The term 'spyware' is a marketing gimmick

Vox Populi, Letters to the Editor
Thursday, 21 July 2005 THE RISING NUMBER of cyber-criminals creating more and more different malicious programs, attacks and cyber-frauds have resulted in the media and public paying more attention to security issues. New solutions and services, such as patch and vulnerability management, intrusion prevention, etc., appeared during the last year or so.
The term "spy­ware" is basic­ally a mar­keting gim­mick: just to sepa­rate new ersatz-security pro­ducts from tradi­tional ones, just to push al­most zero-value pro­ducts to the secu­rity market.
New threats are appearing as well. But are they really all that new? Spyware is a brand new word in the threats list and it is being used widely. Everyone is talking about spyware: many dedicated anti-spyware products have appeared on the market, all of them brand new. But what exactly is spyware? What threats does new term cover? My favorite definition of the term can be found at Information Week. "Spyware is software that's installed without your informed consent. Spyware communicates personal, confidential information about you to an attacker. The information might be reports on your Web-surfing habits, or the software might be looking for even more sinister information, such as sniffing out your credit card numbers and reporting those numbers." Exactly. This is a good definition which we can use to describe software designed to spy on user actions and report on infected machines. Did we have such software in the past? Of course we did. The first malicious software designed to spy and steal confidential information was detected back in 1996 — the AOL Password-Stealing Trojans. Have we already seen other malicious programs which can be described as spyware? Certainly! There are many different kinds of Trojans designed to:
  • steal passwords/logins (including bank account information)
  • log user activity (keyboard, screenshots, applications being run)
  • backdoor trojans which have spy abilities
Thus, what people are calling spyware is not new at all... Anything else that can be called spyware? Yes. Numerous advertising tools (adware/advware) which report such information as visited Web pages and Web search requests. Sometimes this information is confidential. And there's even more. Legitimate keyloggers for example, freeware/shareware/commercial utilities which log keystrokes and/or monitor other user activities. Are we done? No, there are still more programs that report user information to outside sources. For example, if you post to a forum your email client will report your email address. If you are browsing the Internet your IP address, Windows and browser version can all be logged as you surf.
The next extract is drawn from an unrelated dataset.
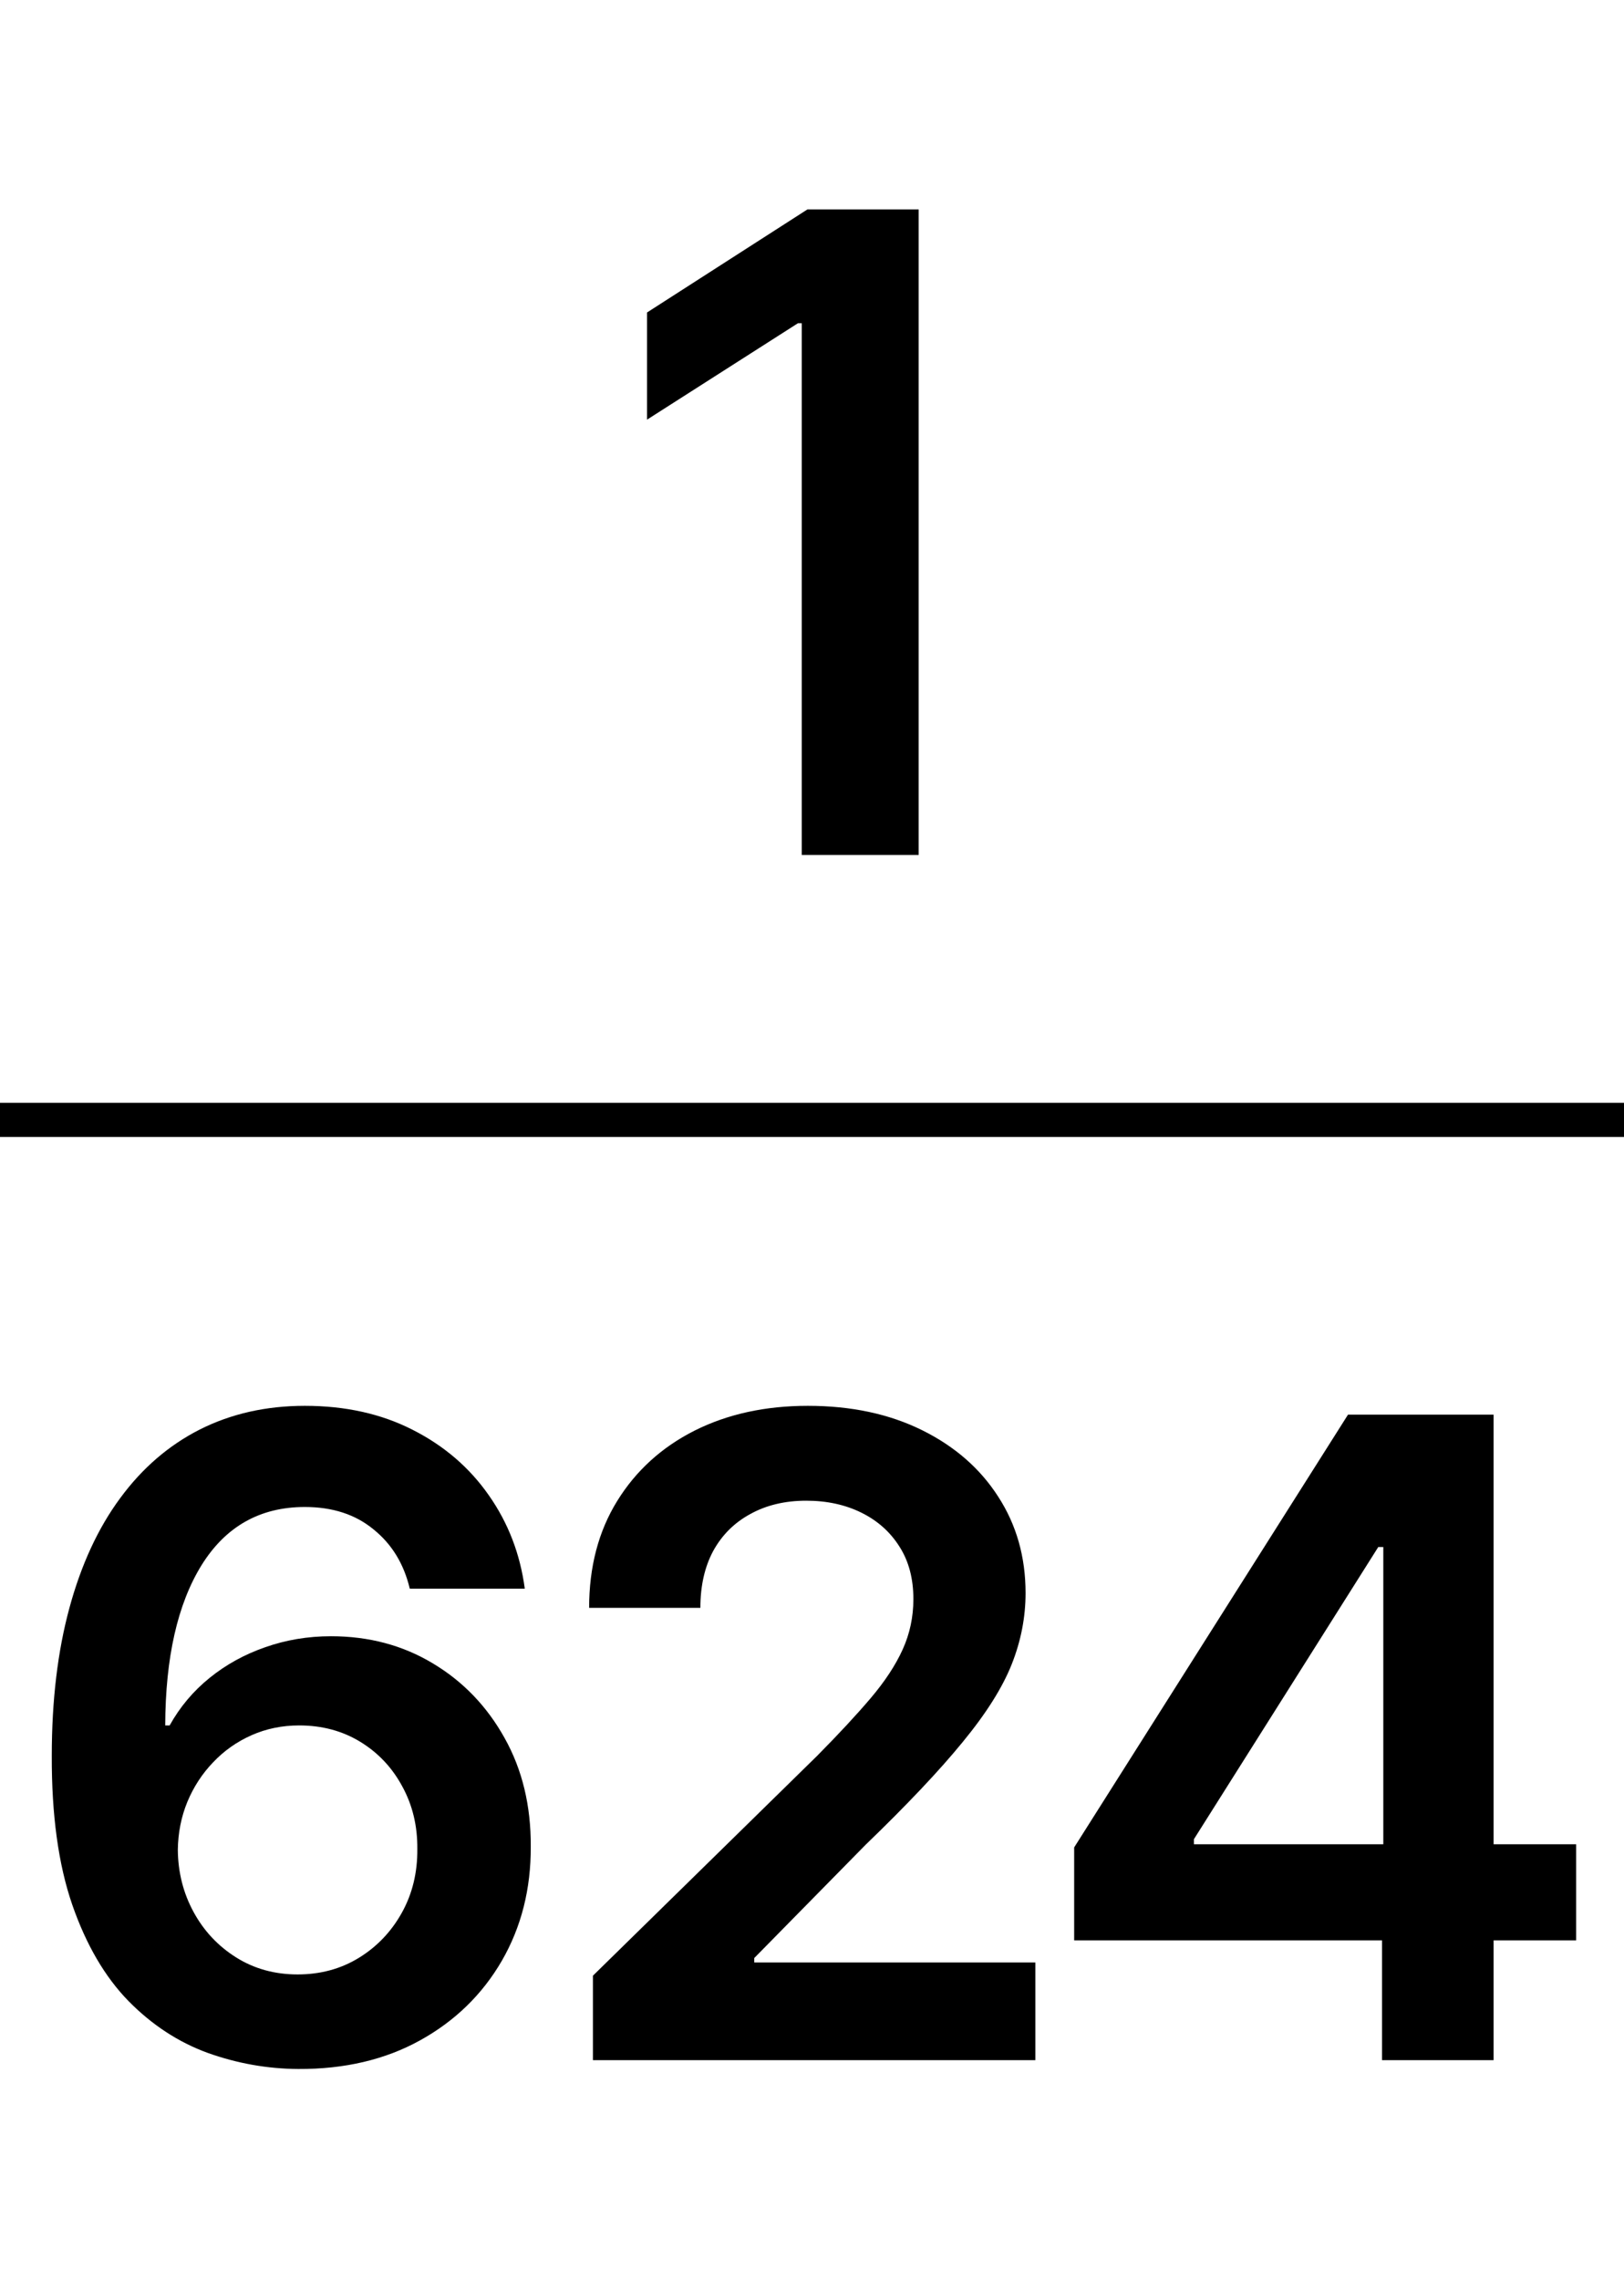 <?xml version="1.0" encoding="UTF-8"?> <svg xmlns="http://www.w3.org/2000/svg" width="114" height="160" viewBox="0 0 114 160" fill="none"><path d="M64.488 14.697V60H56.281V22.683H56.016L45.42 29.451V21.93L56.679 14.697H64.488Z" fill="black"></path><line y1="78.594" x2="114" y2="78.594" stroke="black" stroke-width="2.396"></line><path d="M20.933 145.202C18.766 145.188 16.649 144.812 14.585 144.074C12.52 143.322 10.662 142.105 9.01 140.424C7.359 138.728 6.046 136.479 5.073 133.678C4.1 130.861 3.62 127.373 3.635 123.214C3.635 119.336 4.048 115.878 4.874 112.84C5.7 109.802 6.887 107.236 8.435 105.142C9.984 103.033 11.849 101.426 14.032 100.32C16.229 99.214 18.684 98.661 21.398 98.661C24.244 98.661 26.766 99.221 28.963 100.342C31.175 101.463 32.96 102.996 34.316 104.943C35.673 106.875 36.514 109.057 36.838 111.491H28.764C28.351 109.75 27.503 108.364 26.22 107.332C24.952 106.285 23.345 105.761 21.398 105.761C18.257 105.761 15.838 107.125 14.142 109.854C12.461 112.582 11.613 116.328 11.598 121.091H11.908C12.631 119.793 13.567 118.68 14.717 117.751C15.868 116.822 17.166 116.106 18.611 115.605C20.071 115.089 21.612 114.831 23.234 114.831C25.889 114.831 28.27 115.465 30.379 116.733C32.502 118.001 34.184 119.749 35.422 121.976C36.661 124.188 37.273 126.724 37.258 129.585C37.273 132.564 36.595 135.241 35.223 137.615C33.852 139.975 31.942 141.833 29.494 143.189C27.046 144.546 24.192 145.217 20.933 145.202ZM20.889 138.566C22.497 138.566 23.934 138.175 25.203 137.394C26.471 136.612 27.474 135.558 28.211 134.231C28.948 132.903 29.31 131.414 29.295 129.762C29.31 128.14 28.956 126.673 28.233 125.36C27.525 124.048 26.545 123.008 25.291 122.241C24.038 121.474 22.607 121.091 21 121.091C19.805 121.091 18.692 121.319 17.66 121.777C16.627 122.234 15.728 122.868 14.961 123.679C14.194 124.475 13.589 125.404 13.147 126.466C12.719 127.513 12.498 128.634 12.483 129.829C12.498 131.406 12.867 132.859 13.589 134.186C14.312 135.514 15.307 136.575 16.576 137.372C17.844 138.168 19.282 138.566 20.889 138.566ZM41.621 144.583V138.655L57.348 123.237C58.853 121.718 60.106 120.368 61.109 119.189C62.112 118.009 62.864 116.866 63.365 115.76C63.867 114.654 64.117 113.474 64.117 112.221C64.117 110.79 63.793 109.566 63.144 108.549C62.495 107.516 61.603 106.72 60.467 106.159C59.332 105.599 58.041 105.319 56.596 105.319C55.107 105.319 53.802 105.629 52.681 106.248C51.56 106.853 50.69 107.715 50.071 108.836C49.466 109.957 49.164 111.291 49.164 112.84H41.355C41.355 109.964 42.011 107.465 43.324 105.341C44.636 103.217 46.443 101.573 48.743 100.408C51.059 99.243 53.713 98.661 56.707 98.661C59.745 98.661 62.414 99.228 64.715 100.364C67.015 101.499 68.799 103.055 70.068 105.031C71.351 107.007 71.992 109.264 71.992 111.8C71.992 113.496 71.668 115.163 71.019 116.8C70.37 118.436 69.227 120.25 67.59 122.241C65.968 124.232 63.69 126.643 60.755 129.475L52.946 137.416V137.726H72.678V144.583H41.621ZM75.403 136.177V129.652L94.626 99.28H100.068V108.571H96.75L83.809 129.076V129.43H110.641V136.177H75.403ZM97.015 144.583V134.186L97.104 131.266V99.28H104.846V144.583H97.015Z" fill="black"></path></svg>

Can we or should we class these programs as spyware? Definitely not. This is where we reach the border between so-called spyware and non-spyware. And the border is fuzzy, because the issue is not always what the program does, but how it's being used. We call the border-line programs riskware, and detect many of them as 'not-a-virus'. We leave it up to users to decide what to do next: if they want or need the program, they can keep it. However, if it was installed without their consent or is doing something they don't want or need, we find it for them, so they know what's going on in their computer and can make an informed choice. So, technically speaking, spyware simply doesn't exist as a stand-alone cyberthreat. The programs which are being called spyware are, from a technical point of view, simply a limited sub-set of Trojans, advertising software and some riskware:
  • Trojan spies and some backdoors
  • most adware
  • riskware - potentially hostile programs that require users to make conscious choices about using them

IN SHORT, THERE is no such thing as spyware. On the other hand there are many anti-spyware programs produced by vendors who actively promote their products as dedicated anti-spyware solutions. An interesting review was published in the latest PC Magazine {USA edition, Feb 22 2005, pages 82-91}. They compared how a number of security suites (anti-viruses) and dedicated anti-spyware products removed so-called spyware. Guess what? Some traditional solutions are better at removing these threats than dedicated ones. Unfortunately, there are no adequate consumer tests to separate effective solutions from ersatz-security programs. In the PC Magazine tests, there were only 24 "spyware" samples tested. In reality, there are hundreds of malicious programs in the wild that fit into this category. For instance, we know of over 200 adware families (with numerous variants in each). We need better and more in-depth tests in the future.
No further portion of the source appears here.